Vale la pena proseguire nella lettura che rammenta l’avvicinamento tra la fede biblica e l’interrogarsi greco, per proseguire con una dotta trattazione delle tre ondate di de-ellenizzazione, che hanno portato a ritenere in occidente che solo la ragione sia forma universale di pensiero, depotenziando il concetto di sovranità di fede e ragione inscindibilmente unite che ha retto le sorti dell’antropologia sino a Cartesio.

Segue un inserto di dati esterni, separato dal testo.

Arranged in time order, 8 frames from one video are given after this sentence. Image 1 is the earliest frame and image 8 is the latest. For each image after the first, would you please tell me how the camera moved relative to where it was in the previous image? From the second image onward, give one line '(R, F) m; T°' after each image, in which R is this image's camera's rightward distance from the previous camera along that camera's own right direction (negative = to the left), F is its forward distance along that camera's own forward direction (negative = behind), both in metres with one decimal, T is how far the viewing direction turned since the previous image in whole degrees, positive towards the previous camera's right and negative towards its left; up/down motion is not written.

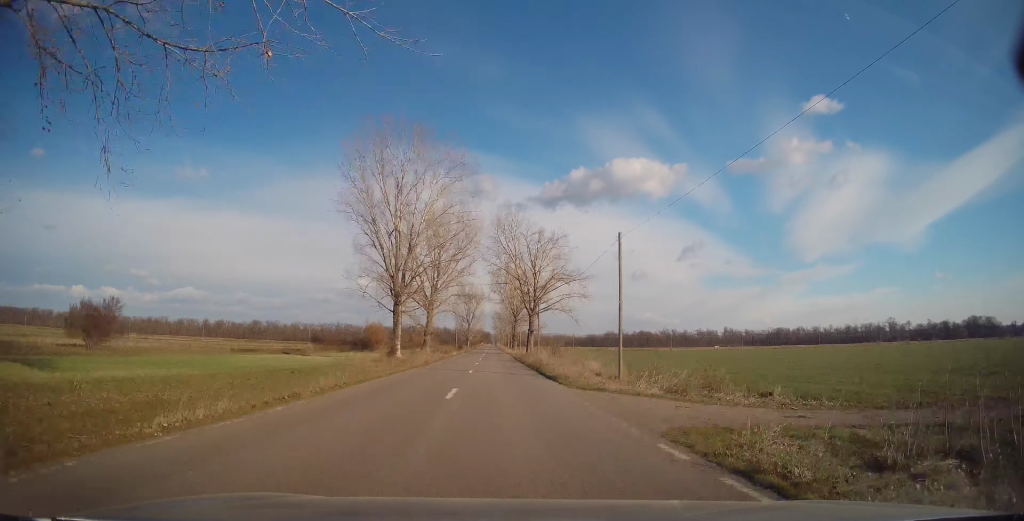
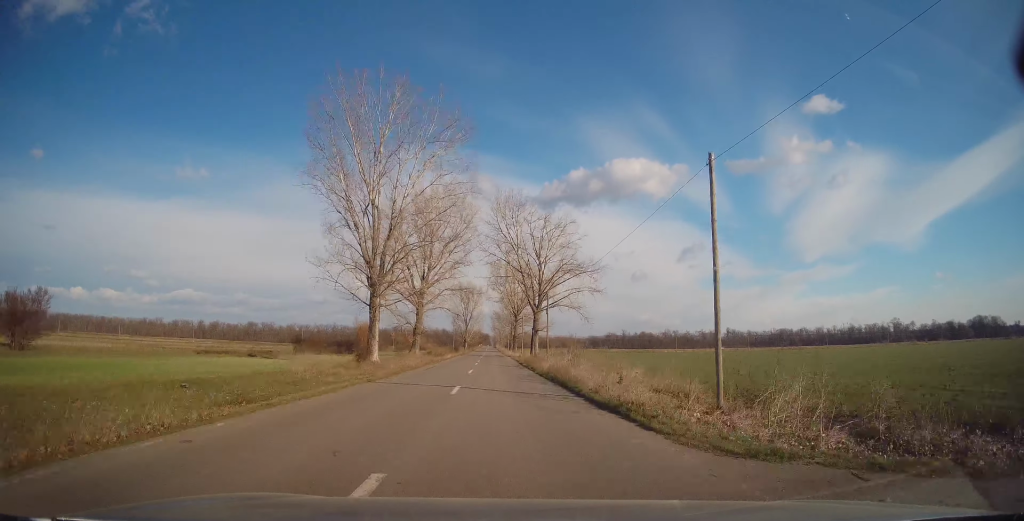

In quest’ottica, Benedetto XVI ci ricorda infatti che, per diventare capaci di un vero e fecondo dialogo tra culture e religioni, dialogo:” di cui abbiamo un così urgente bisogno” necessiti che nel mondo occidentale si affermi una ragione che non sia sorda di fronte al divino e che non respinga la religione nell’ambito delle sottoculture, rendendosi così incapace di inserirsi nel dialogo delle culture.

È questa impostazione dominante oggi in occidente, che viene avversata dalle culture intrinsecamente religiose che ritengono l’esclusione del divino dall’universalità della ragione un attentato alle loro convinzioni più profonde.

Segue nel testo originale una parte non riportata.